Sink ConnectorΒΆ

A Connector application (or Data Reading Service) is a service which reads data from at least one topic in Apache Kafka and writes to a target system

In this page you will learn how to create a Connector that saves data to a plain text file.

A Connector (Sink) is a an application for reading data from Kafka, which underneath creates and uses a Kafka consumer client code. This page will use a File Sink Connector to get the desired data and save it to an external file.

The output will contain all the lines of the log file that are longer than 1000 characters, including spaces.

The final implementation of the Sink Connector will be as follows:

connector.class=org.apache.kafka.connect.file.FileStreamSinkConnector
errors.retry.timeout=0
errors.log.include.messages=false
tasks.max=1
topics=topic_to_be_exported
errors.retry.delay.max.ms=60000
errors.deadletterqueue.context.headers.enable=false
file=/tmp/long_entries.log
name=sink-file
errors.tolerance=none
errors.deadletterqueue.topic.replication.factor=3
value.converter=org.apache.kafka.connect.storage.StringConverter
config.action.reload=RESTART
errors.log.enable=false
key.converter=org.apache.kafka.connect.storage.StringConverter

Many things are happening here. First, we define that the output will be written to the value of file, which is this case is /tmp/test_converter_string. Second, we define that the key and the value of the input from Kafka are both strings, which means that you will need a string converter for both of them, which in this case is org.apache.kafka.connect.storage.StringConverter.

You can find more information about the use of org.apache.kafka.connect.storage.StringConverter here.

Last, we need to define the Kafka topic that will be used as input using topics. Please notice that topics can accept multiple values.

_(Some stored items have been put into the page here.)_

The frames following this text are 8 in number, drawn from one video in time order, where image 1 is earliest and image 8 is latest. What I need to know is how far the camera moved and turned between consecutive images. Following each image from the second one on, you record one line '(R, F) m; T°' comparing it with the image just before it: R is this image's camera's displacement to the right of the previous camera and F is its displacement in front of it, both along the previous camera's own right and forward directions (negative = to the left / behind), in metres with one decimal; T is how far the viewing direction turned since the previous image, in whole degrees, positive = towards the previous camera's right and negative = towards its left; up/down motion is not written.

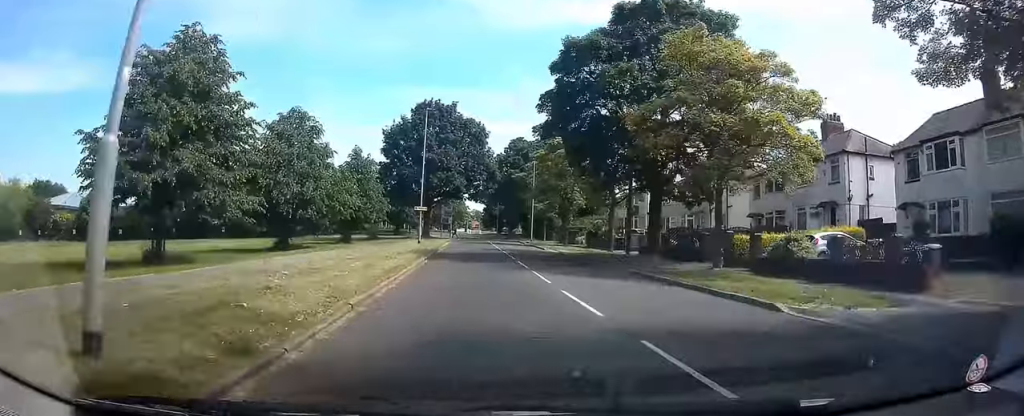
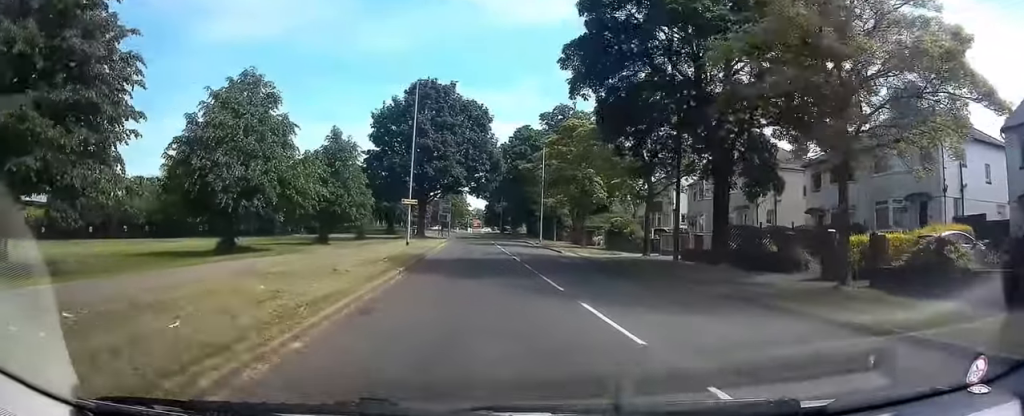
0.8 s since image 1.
(0.0, +7.7) m; -1°
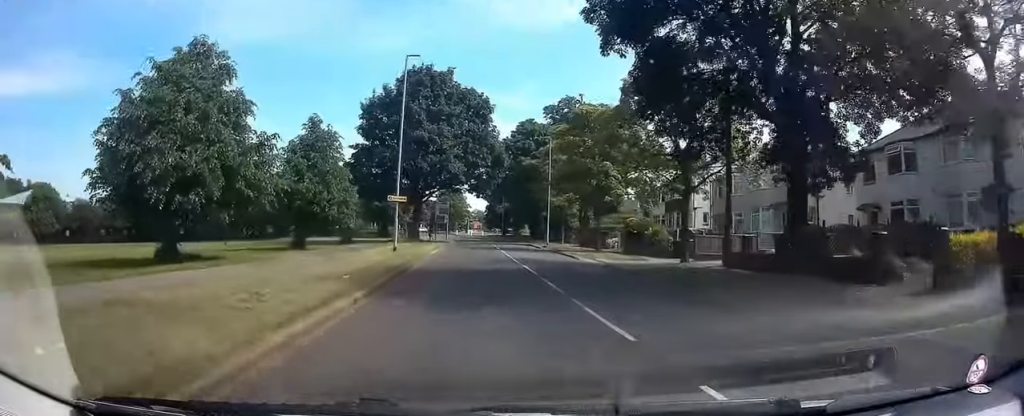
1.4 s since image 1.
(-0.1, +5.3) m; -1°
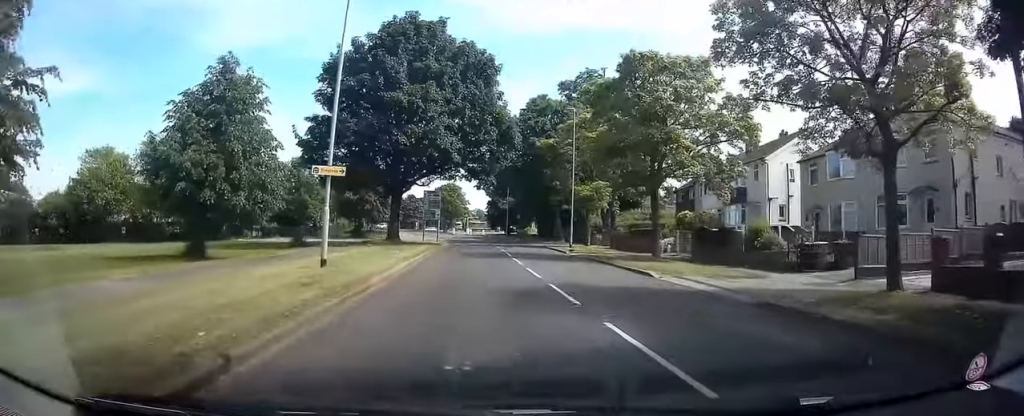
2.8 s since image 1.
(-0.2, +13.4) m; -1°
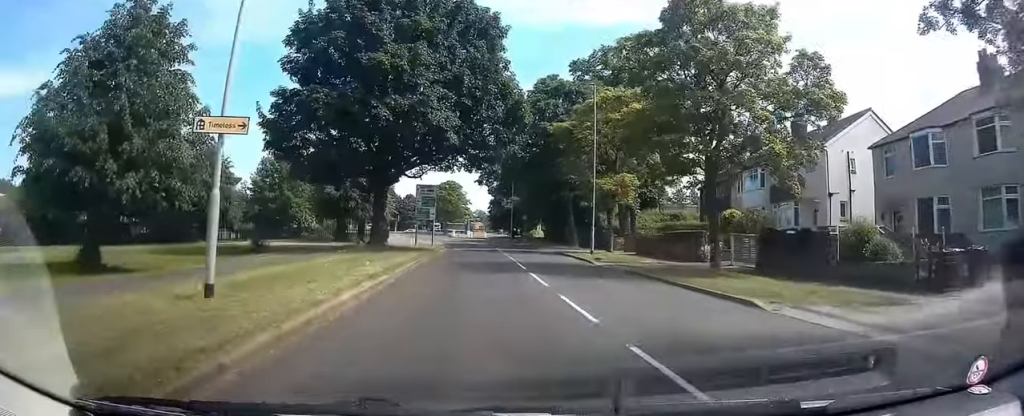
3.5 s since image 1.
(0.0, +7.1) m; 0°
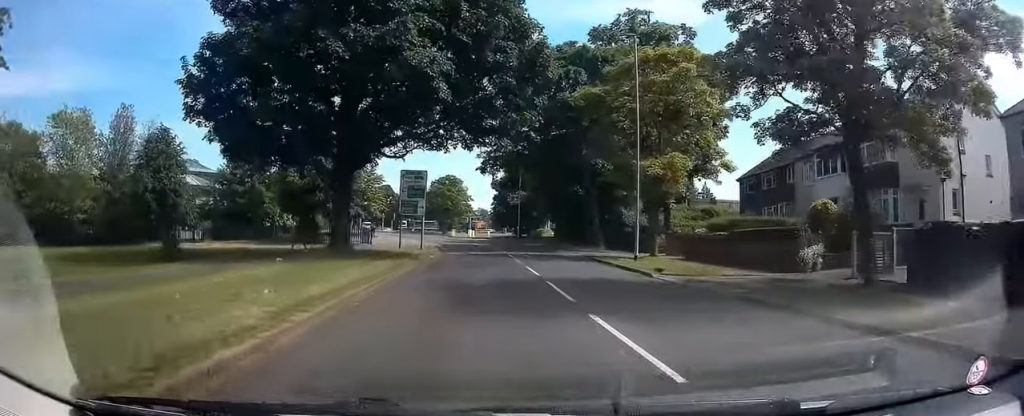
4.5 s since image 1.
(0.0, +9.4) m; 0°
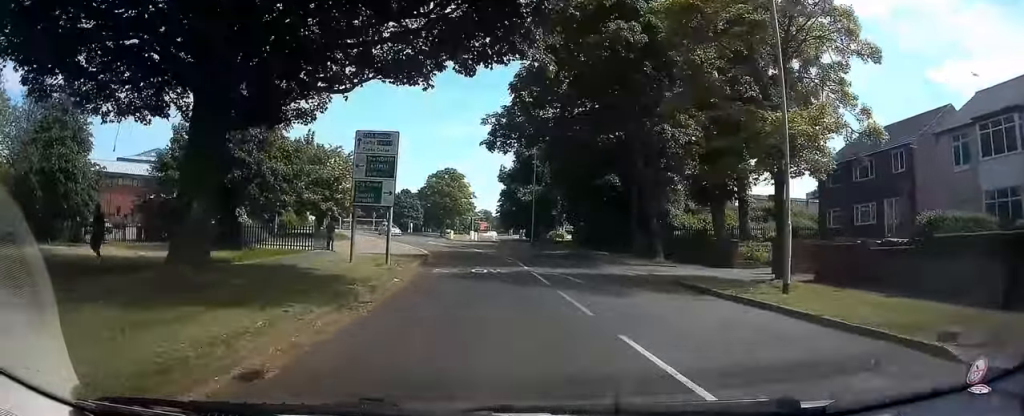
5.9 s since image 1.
(0.0, +13.3) m; 0°
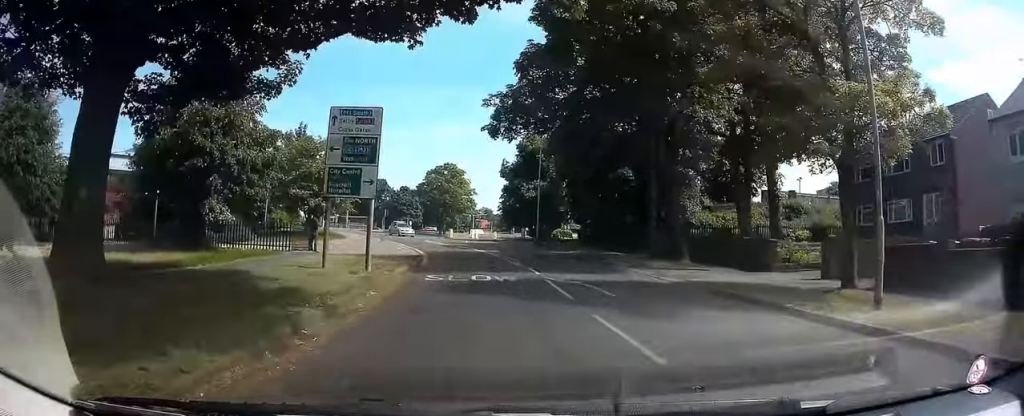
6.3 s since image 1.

Is goes without saying that the selected Kafka topic or topics must already exist. For this particular example the selected Kafka topic was generated using the following Lenses SQL query:

SET autocreate=true;

INSERT into topic_to_be_exported
SELECT the_text AS my_message
FROM log_files_as_json
WHERE LENGTH(the_text) > 1000;

The aforementioned query filters the message text based on its length. You can modify it to fit your needs.